Collagen is the most abundant class of proteins in the extracellular matrix and it demonstrates dynamic interactions with its biological microenvironment . Therefore, fabrication of de novo, synthetic collagen in which specific sequences can be prescribed has tremendous potential in tissue engineering, drug delivery applications, and fundamental biological studies of the extracellular matrix. Towards this end, two challenges exist: (1) the synthesis of genes encoding the collagen-mimetic polymers which contain repeating amino acid sequences, and (2) the hydroxylation of prolines in a recombinant system. To address the first constraint, our research group has developed a platform that yields genes encoding for full-length, modular collagen and its variants. This approach allows mixing-and-matching of specific functional amino acid sequences from the different families of collagens and enables introduction of non-native sequences at defined locations, combinations, and number of occurrences .
We are addressing the second challenge, recombinant expression coupled with post-translational proline hydroxylation, by designing and optimizing genetic modifications in Saccharomyces cerevisiae. Proline hydroxylation is particularly important, as it imparts stability and structure to collagen. However, bacterial and yeast expression systems do not natively perform this post-translational modification, and must be engineered to produce prolyl-4-hydroxylase (α and β subunits). These systems, however, tend to yield biopolymers with lower levels of proline hydroxylation, ranging from 0.5% to 38% proline hydroxylation in recombinant collagens produced in S. cerevisiae[2–4] and 44.2 − 47.2% in the best P. pastoris reported systems [5, 6]. In comparison, fibrillar human collagens from native tissues show 42–54% hydroxylation [7, 8].
Given the large possible range of values, we needed an accessible and facile assay that can determine the level of proline hydroxylation in future libraries of recombinant collagen and its variants. Such an assay should also use relatively small amounts (pmol) of sample, require minimal processing and derivatization, and potentially enable high-throughput scale-up. As others have noted, however, detection of 4-hydroxyproline (HYP) is particularly challenging with respect to both selectivity and sensitivity .
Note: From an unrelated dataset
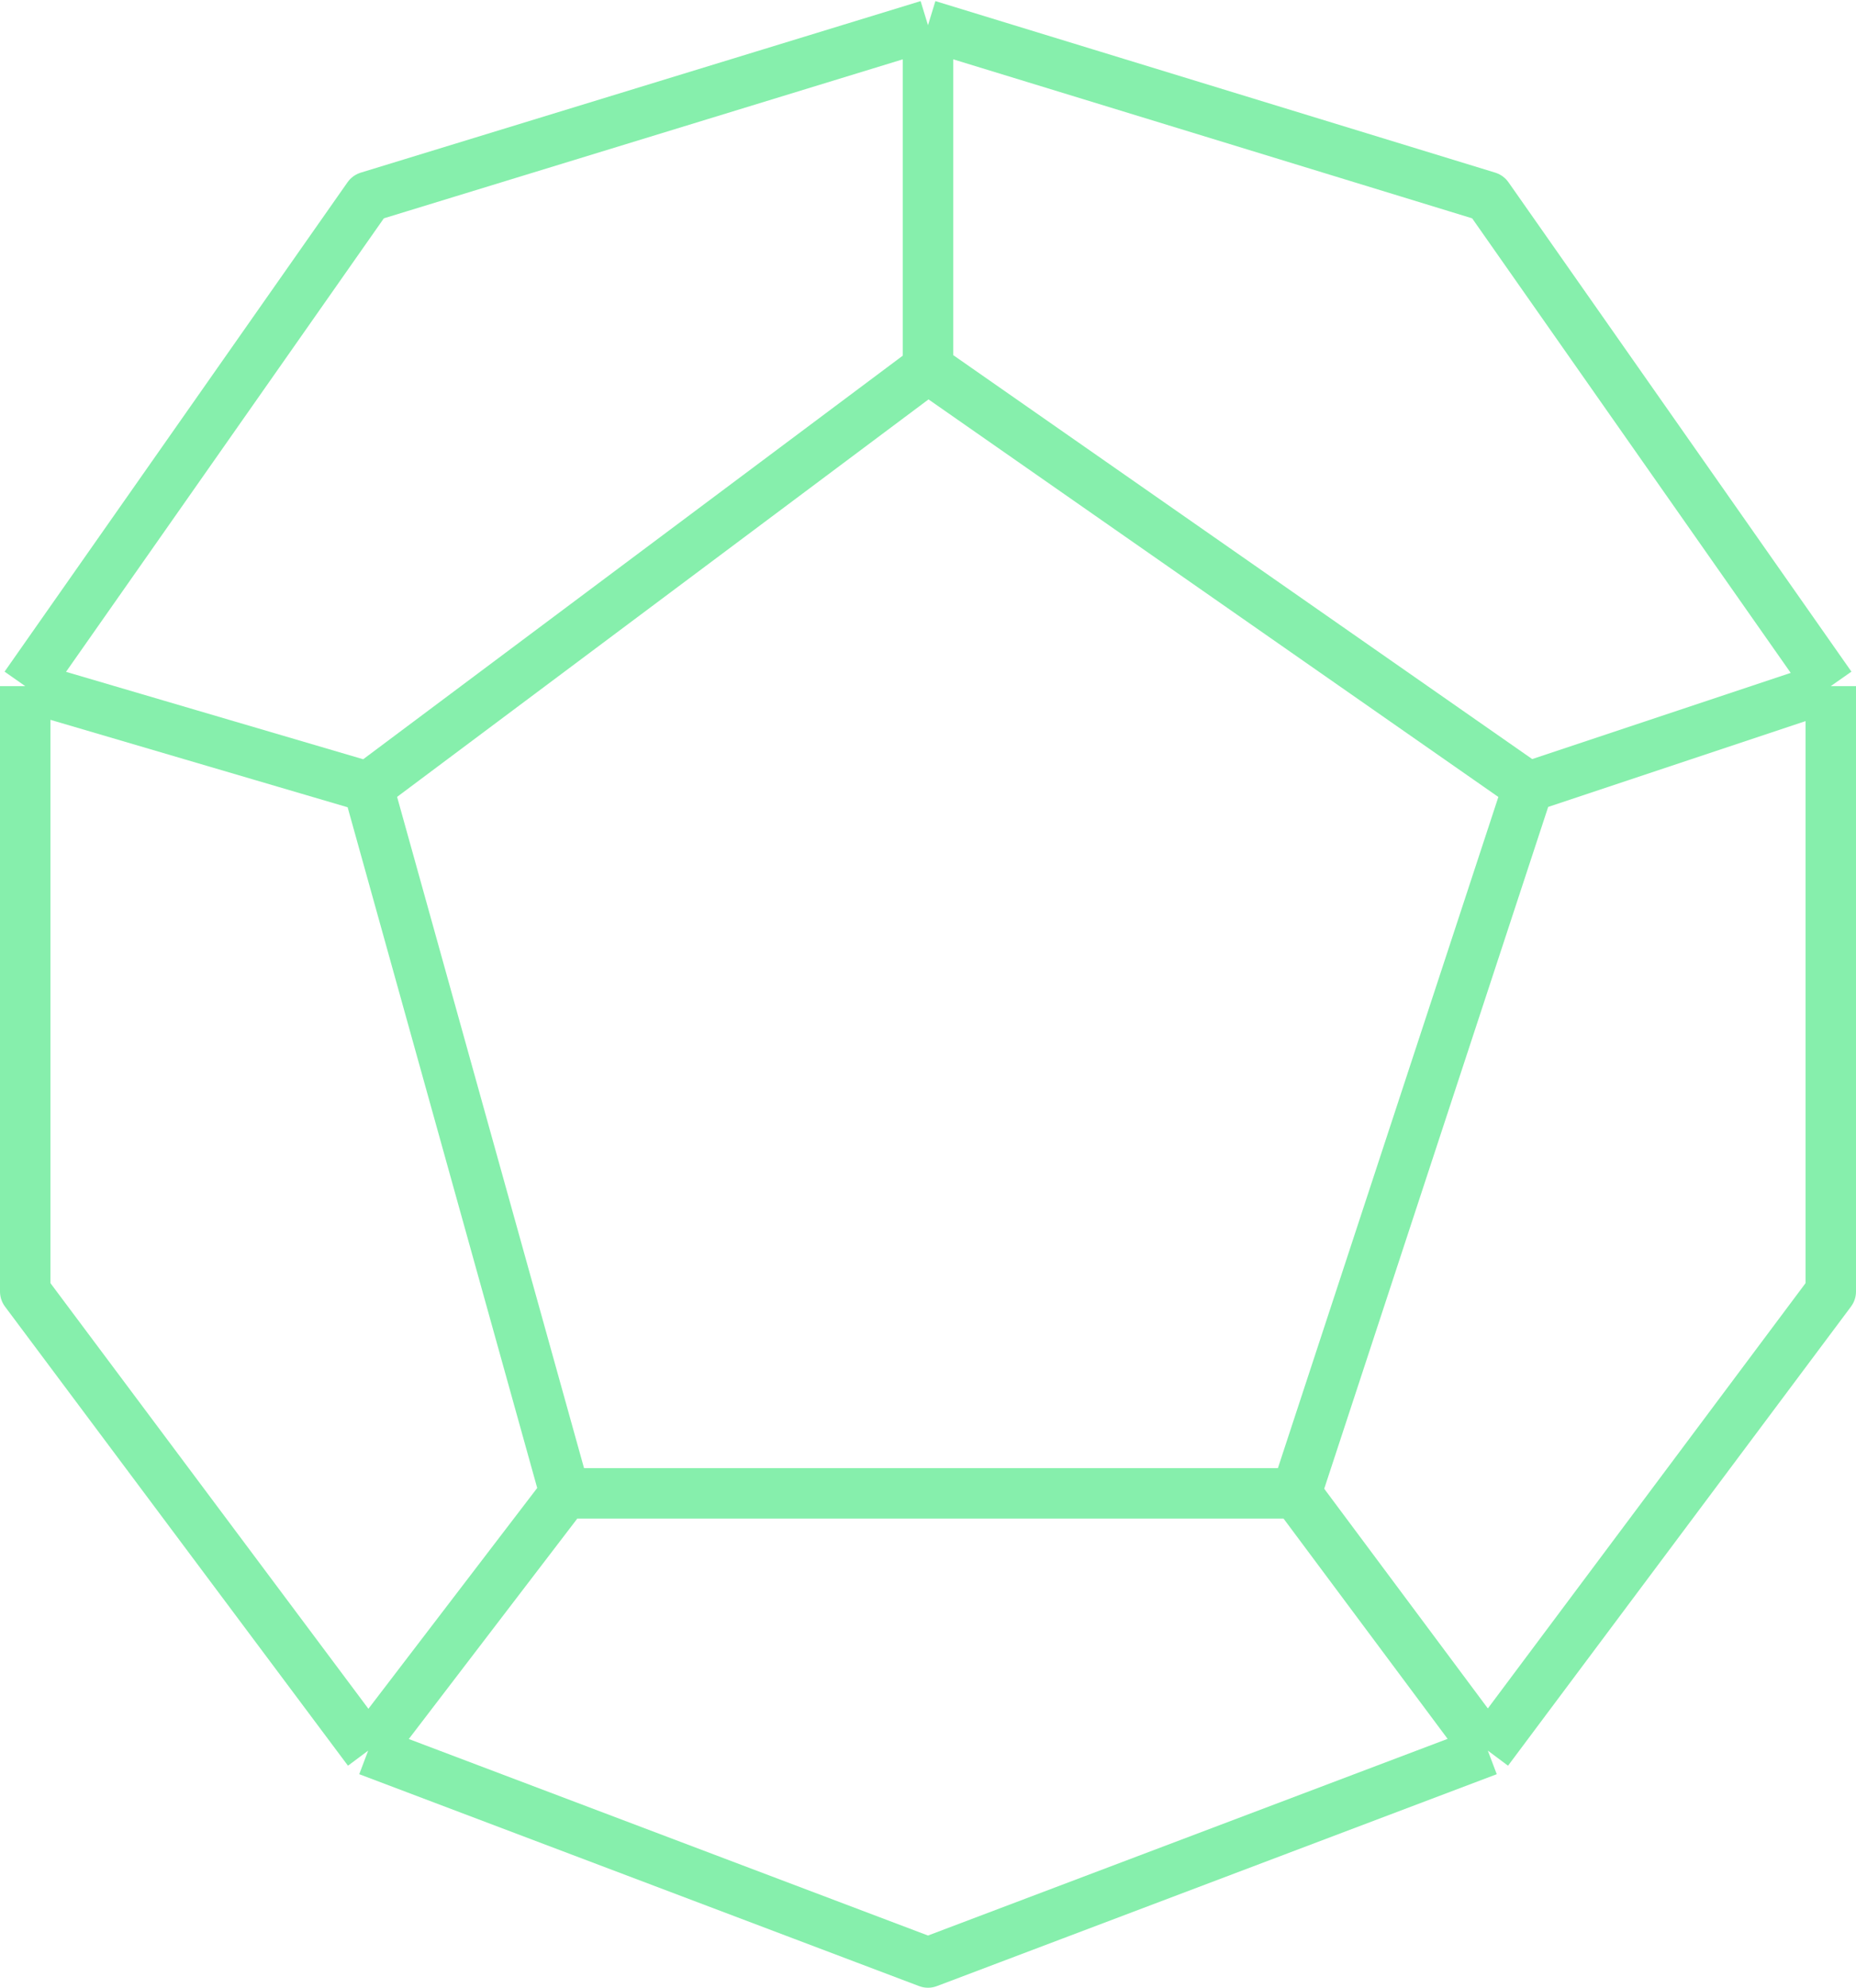 <svg width="184" height="197" viewBox="0 0 184 197" fill="none" xmlns="http://www.w3.org/2000/svg">
<path d="M2.5 68V128L36.5 173.5M2.5 68L36.5 19.5L92 2.5M2.5 68L36.5 78M92 2.5L147.5 19.5L181.5 68M92 2.5V36.5M181.5 68V128L147.5 173.5M181.5 68L151.5 78M147.5 173.5L92 194.5L36.5 173.5M147.5 173.5L128.5 148M36.5 173.5L56 148M56 148H128.5M56 148L36.5 78M128.5 148L151.5 78M151.5 78L92 36.5M92 36.5L36.5 78" stroke="#86EFAC" stroke-width="5" stroke-linejoin="round"/>
</svg>

To address these difficulties, analytical methods for HYP often require derivatization [10–13]. In fact, the conventional method of determining the percentage of proline hydroxylation, amino acid analysis (AAA), measures the concentration of amino acid residues after derivatization with a fluorescent probe, such as ninhydrin [14, 15]. However, to assay relatively small quantities (picomole), a sensitive and expensive fluorescence detector is required on the liquid chromatography system. Protocols using radioisotopes have also been developed , but the logistics of using radioactive compounds are inconvenient if appropriate research infrastructure is not in place.
Our aim was to develop a rapid method to quantify HYP without further derivatization by utilizing mass spectrometry (MS) instrumentation that would be accessible in most research institutions. Mass spectrometry protocols requiring no additional chemical reaction have been reported using hydrophilic interaction chromatography (HILIC)  and tandem (LC-MS/MS) mass-spectrometry with multiple reaction monitoring (MRM) [9, 17]. Our method to quantify the amounts of proline (PRO) and HYP in different collagen samples uses a simple and standard reversed-phase liquid chromatograph coupled to a single analyzer time-of-flight MS (LC-MS) and requires no sample derivatization.
We applied this LC-MS assay to engineered S. cerevisiae systems that we expected would yield various levels of proline hydroxylation. These yeast strains contained different collagen to prolyl-4-hydroxylase gene ratios on plasmid vectors. To determine the reliability of this LC-MS assay, these hydroxylation results were compared to conventional AAA.